Daru had been diagnosed with diabetes a few years earlier. While shooting the medications into his arm he had an epiphany: he did not want to do this for the rest of his life. He began to eat in moderation and work out, and felt his health improve. So having already faced one chronic disease, he redoubled his efforts to change his lifestyle to fight the sarcoidosis. He used his mandatory half-hour breaks while his truck was being loaded or unloaded to walk around, jog, stretch, and do push-ups. He ditched the truck-stop burgers, chicken, and french fries and opted for vegetarian Subway sandwiches at rest stops, sometimes with herb and cheese bread when he wanted to splurge a bit.

“All I could do is leave [my son] some sort of financial stability,” Daru says. He began working as hard as he could again that spring. The driving itself was fairly straightforward, but the manual labor—opening and closing the heavy trailer doors, strapping down his cargo, hopping in and out of the high cab, sliding the tandem axles, refueling in the cold—that worried him. He would tell loved ones that if he did not get in touch with them by a certain point on his route, they needed to call 911.
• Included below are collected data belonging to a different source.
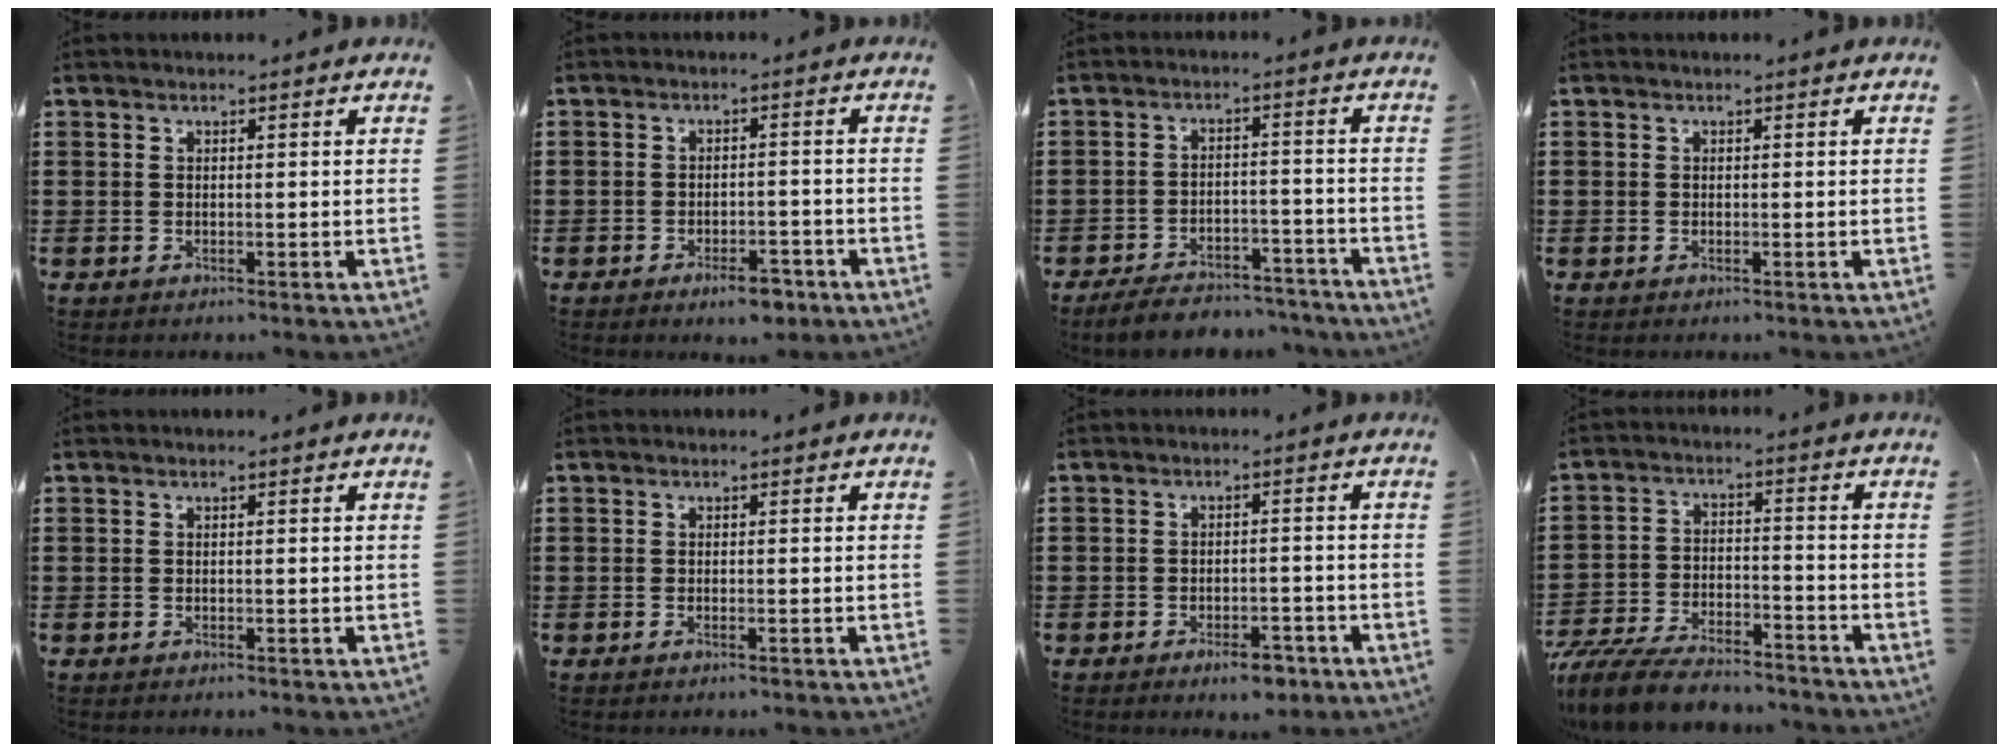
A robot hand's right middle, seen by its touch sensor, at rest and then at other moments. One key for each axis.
{"total": 3.5, "fx": -3.0, "fy": 1.4, "fz": 1.3, "tx": -0.020, "ty": 0.010, "tz": -0.057}
{"total": 5.7, "fx": -5.4, "fy": 1.0, "fz": 1.4, "tx": -0.024, "ty": 0.008, "tz": -0.106}
{"total": 0.0}
{"total": 0.0}
{"total": 0.0}
{"total": 3.4, "fx": -2.8, "fy": 1.5, "fz": 1.2, "tx": -0.019, "ty": 0.008, "tz": -0.054}
{"total": 8.2, "fx": -7.7, "fy": 1.4, "fz": 2.6, "tx": -0.057, "ty": 0.011, "tz": -0.148}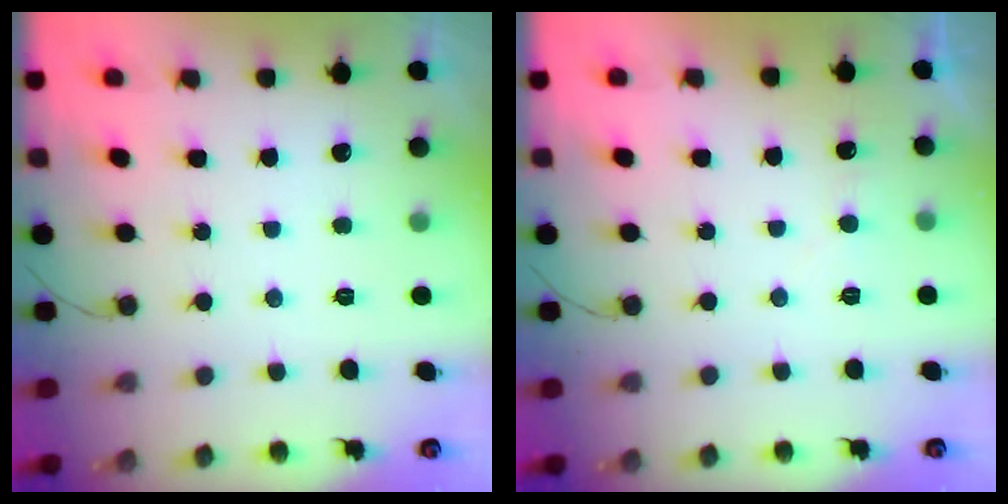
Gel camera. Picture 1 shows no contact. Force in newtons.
{"total": 4.0, "press": 4.0, "slide": 0.5}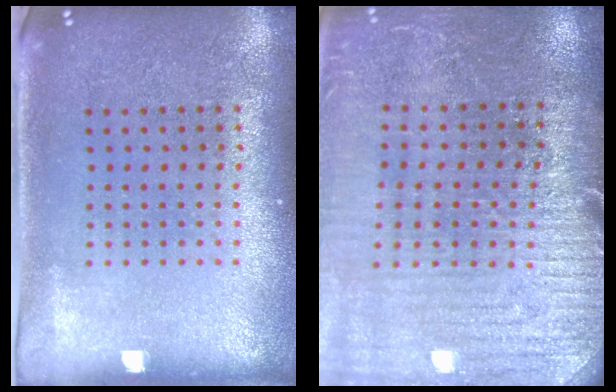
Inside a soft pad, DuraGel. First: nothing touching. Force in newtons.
{"total": 3.0, "press": 3.0, "slide": 0.4}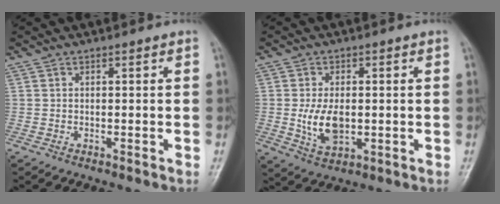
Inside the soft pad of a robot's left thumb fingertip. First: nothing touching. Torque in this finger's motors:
{"motor_torque": [1.00, 1.17, 0.84, 0.11, 0.09]}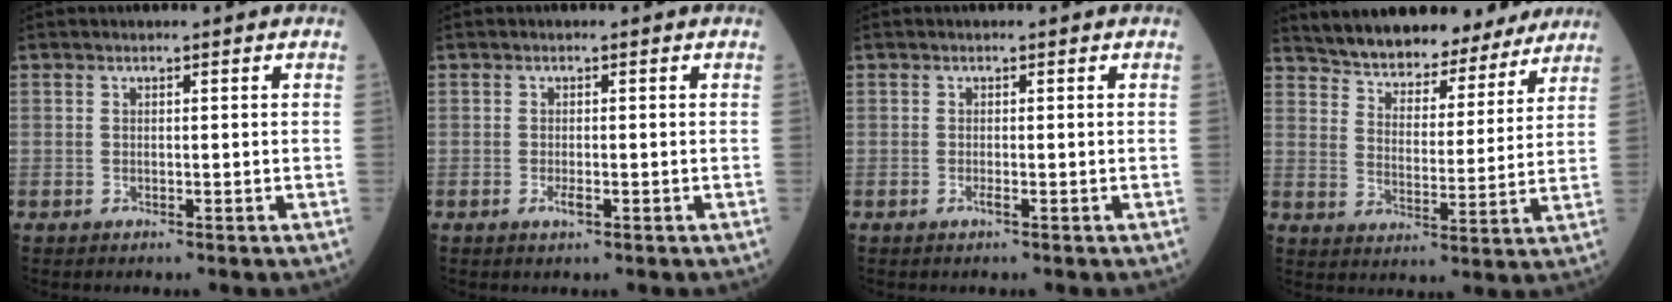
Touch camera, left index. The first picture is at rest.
{"total": 1.3, "force": [-0.7, 0.3, 1.0], "torque": [-0.021, -0.002, -0.010]}
{"total": 0.5, "force": [-0.4, -0.1, 0.4], "torque": [-0.006, -0.001, -0.007]}
{"total": 17.0, "force": [15.6, 4.6, 4.6], "torque": [-0.060, 0.005, 0.219]}

But what had changed things was pneumonia. Daru had been hospitalized November 8 when an upper respiratory infection had taken a turn for the worse. “You imagine somebody who already has really bad heart failure and is super sick, and you add pneumonia on top of that?” Bryan Smith, one of Daru’s intensive care cardiologists, says. “You’re body doesn’t have much reserve.” He was admitted to the intensive care unit. “When I first met him, he wasn’t really responding much. He was a little delirious.”